Parliamentary Secretary in the Khyber Pakhtunkhwa Assembly
- In office 16 October 2015 – 28 May 2018

Member of the Khyber Pakhtunkhwa Assembly
- In office 31 May 2013 – 28 May 2018
- Constituency: PK-03 (Peshawar-III)

Personal details
- Party: PTI (2013-present)
- Occupation: Politician

= Javed Nasim =

Pakistani politician

Javed Nasim is a Pakistani politician hailing from Peshawar, belonging to Pakistan Tehreek-e-Insaf, who served as a Member of the 10th Khyber Pakhtunkhwa Assembly. He is also serving as Parliamentary Secretary in the Khyber Pakhtunkhwa Assembly.

==Political career==
Nasim was elected as the member of the Khyber Pakhtunkhwa Assembly on ticket of Pakistan Tehreek-e-Insaf from PK-03 (Peshawar-III) in the 2013 Pakistani general election by taking 18080 votes against Awami National Party's Haroon Bashir Bilour.

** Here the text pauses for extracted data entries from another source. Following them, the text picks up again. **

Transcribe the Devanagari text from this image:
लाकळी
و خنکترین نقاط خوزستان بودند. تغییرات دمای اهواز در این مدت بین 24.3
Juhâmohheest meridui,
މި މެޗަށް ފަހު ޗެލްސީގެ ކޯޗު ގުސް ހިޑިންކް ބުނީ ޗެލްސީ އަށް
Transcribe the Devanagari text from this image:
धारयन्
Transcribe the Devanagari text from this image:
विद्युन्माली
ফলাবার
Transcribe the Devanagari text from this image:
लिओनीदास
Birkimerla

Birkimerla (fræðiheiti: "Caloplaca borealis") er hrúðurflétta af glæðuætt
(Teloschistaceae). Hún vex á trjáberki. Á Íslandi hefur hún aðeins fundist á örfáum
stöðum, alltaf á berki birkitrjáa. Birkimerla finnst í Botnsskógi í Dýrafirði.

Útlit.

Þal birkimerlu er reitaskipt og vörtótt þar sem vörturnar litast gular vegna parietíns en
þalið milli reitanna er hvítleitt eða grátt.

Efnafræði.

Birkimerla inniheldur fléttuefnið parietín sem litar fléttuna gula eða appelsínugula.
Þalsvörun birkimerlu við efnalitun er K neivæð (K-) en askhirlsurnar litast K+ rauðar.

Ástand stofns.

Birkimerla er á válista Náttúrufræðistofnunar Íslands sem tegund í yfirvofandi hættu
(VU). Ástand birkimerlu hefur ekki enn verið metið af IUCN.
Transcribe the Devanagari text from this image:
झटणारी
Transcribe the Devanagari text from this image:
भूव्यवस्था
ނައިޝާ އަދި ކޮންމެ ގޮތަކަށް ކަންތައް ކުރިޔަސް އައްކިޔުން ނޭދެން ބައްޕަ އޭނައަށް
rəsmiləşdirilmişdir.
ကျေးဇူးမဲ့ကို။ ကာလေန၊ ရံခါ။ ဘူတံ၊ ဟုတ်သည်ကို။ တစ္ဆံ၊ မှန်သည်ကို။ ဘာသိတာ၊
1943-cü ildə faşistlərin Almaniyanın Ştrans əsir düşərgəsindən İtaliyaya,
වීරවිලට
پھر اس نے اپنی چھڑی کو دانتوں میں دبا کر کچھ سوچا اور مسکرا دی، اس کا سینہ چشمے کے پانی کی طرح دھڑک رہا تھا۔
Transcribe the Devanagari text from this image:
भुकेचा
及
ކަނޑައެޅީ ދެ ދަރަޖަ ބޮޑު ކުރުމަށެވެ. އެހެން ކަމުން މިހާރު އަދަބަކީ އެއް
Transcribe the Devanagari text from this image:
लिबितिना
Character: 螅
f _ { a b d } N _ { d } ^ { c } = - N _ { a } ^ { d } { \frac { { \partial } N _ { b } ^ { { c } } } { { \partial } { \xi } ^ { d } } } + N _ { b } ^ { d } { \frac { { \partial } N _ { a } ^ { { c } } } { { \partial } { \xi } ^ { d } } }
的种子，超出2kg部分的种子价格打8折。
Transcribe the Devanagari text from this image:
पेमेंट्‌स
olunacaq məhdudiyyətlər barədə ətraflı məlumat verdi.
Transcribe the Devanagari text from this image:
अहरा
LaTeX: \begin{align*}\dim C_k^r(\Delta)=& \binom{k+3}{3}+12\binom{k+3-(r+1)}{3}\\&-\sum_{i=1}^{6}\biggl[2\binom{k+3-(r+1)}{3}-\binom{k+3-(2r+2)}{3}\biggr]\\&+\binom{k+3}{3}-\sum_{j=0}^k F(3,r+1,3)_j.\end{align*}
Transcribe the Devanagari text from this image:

Nasim developed personal difference with Chief minister khyber pakhtunkhwa, Pervez Khattak, on which he went public and staged a protest against him, charging him with corruption and nepotism. Nasim was served show cause notice by PTI leadership on violating party discipline in early October 2014. However, he was unable to explain his position, therefore, on 26 October 2014 his basic membership from party was cancelled on violating party's discipline. In March, 2015 Pakistani Senate election he sided Waqar Ahmed Khan, an independent candidate, instead of PTI's nominated candidate, Pakistan Tehreek-e-Insaf barred him for casting vote. Party's Information Secretary Shireen Mazari, in March 2015, wrote a letter seeking suspension from Khyber Pakhtunkhwa Assembly. She maintained that, his basic membership was suspended for going public against party, and now he went against party in senate polls. However, Election Commission of Pakistan rejected Pakistan Tehreek-e-Insaf's plea and maintained membership of Nasim. To keep further conflicts in check, Chief minister Pervaiz Khattak politically addressed the problem through dialogues, he also appointed Nasim at position of parliamentary secretary. Nasim was allegedly involved in horse trading during 2018 Pakistani Senate election and didn't voted PTI's supported candidates.